It is particularly favorable when at least one inductor of the
high-pass filter forms a spacer between the inner conductor and the
outer conductor. The use of additional spacers, via which the inner
conductor is arranged concentrically to the outer conductor and at
a distance to it, can at least be reduced as a result.
The high-pass filter according to the invention is preferably used
for transmitting mobile radio communications signals. In this
respect, it may be provided for signals in the range of 800 MHz to
approximately 960 MHz to be subject to attenuation of more than 30
dB by means of the high-pass filter, in particular, attenuation of
at least 40 dB whilst, on the other hand, mobile radio
communications signals in the range of 1700 MHz and 2700 MHz are
practically subject to no attenuation.
The following description of one preferred embodiment of the
invention serves to explain the invention in great detail in
conjunction with the drawings.
BRIEF DESCRIPTION OF THE DRAWINGS
FIG. 1: shows a longitudinal section of a high-pass filter;
FIG. 2: shows a sectional view along line 2-2 in FIG. 1;
FIG. 3: shows a circuit diagram of the high-pass filter of FIG. 1
and
FIG. 4: shows a representation of the pass-band attenuation of the
high-pass filter from FIG. 1 as a function of the frequency of an
electrical signal to be transmitted.
DETAILED DESCRIPTION OF THE INVENTION
FIG. 1 is a schematic illustration of a longitudinal section of a
high-pass filter which is given, altogether, the reference numeral
10 and has a central filter part 12 as well as a plug connector 14
on the input side and a plug connector 16 on the output side.

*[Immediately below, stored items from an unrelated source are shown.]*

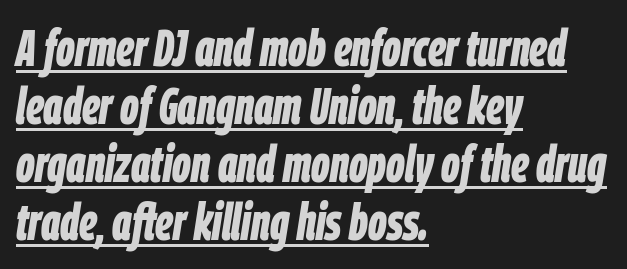
The image shows 51 px bold, condensed type, italic (leaning right); set left-aligned, tight line spacing (1.14x), normal letter spacing, underlined; low stroke contrast and a large x-height.
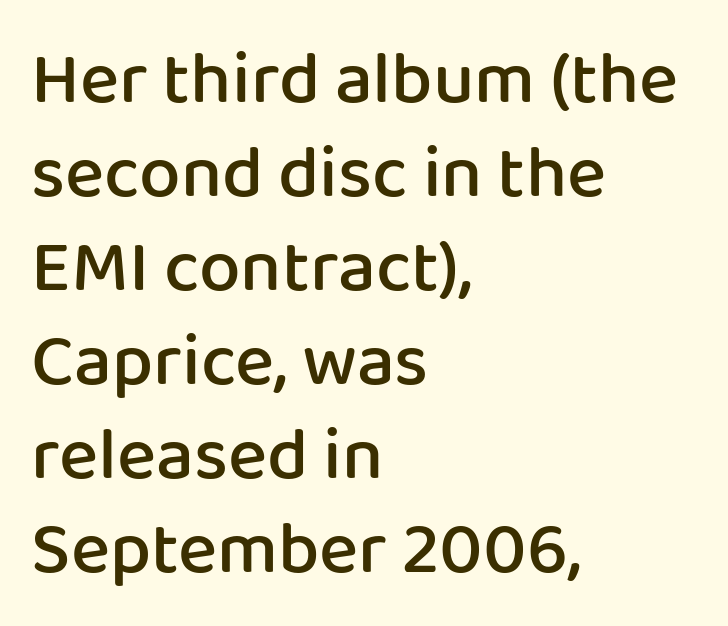
Q: Is the text bold? A: Semi-bold.
Q: Is the text italic (slanted)? A: No, it is upright.
Q: Is the typeface a serif or a sans-serif typeface? A: Sans-serif.
Q: Is the text underlined? A: No.
Q: How is the paragraph aligned? A: Left-aligned.
Q: Is the spacing between letters normal or unusually wide? A: Normal.
Q: Is the spacing between lines tight, normal or loose? A: Normal.
Q: Width (condensed, normal, or wide)? A: Normal.
Q: Stroke contrast? A: Low.
Q: x-height? A: Medium.
Q: Monospaced? A: No.

The
plug connector 14 on the input side is connected to the signal
input 18 of the filter part 12 illustrated in FIG. 3 and the plug
connector 16 on the output side is connected to the signal output
20 of the filter part 12 illustrated in FIG. 3. The two plug
connectors 14 and 16 have a central insert contact 22 and 24,
respectively, which is enclosed by a contact sleeve 26 and 28,
respectively. The filter part 12 can be connected via the plug
connector 14 on the input side to an input line which is known per
se and not, therefore, illustrated in the drawings and which can,
for example, provide a connection between a mobile radio
communications antenna and the filter part 12. The signal received
can be filtered with the aid of the filter part 12 and,
subsequently, supplied, for example, to a signal receiver via the
plug connector 16 on the output side and an output line which can
be connected to it in the customary manner.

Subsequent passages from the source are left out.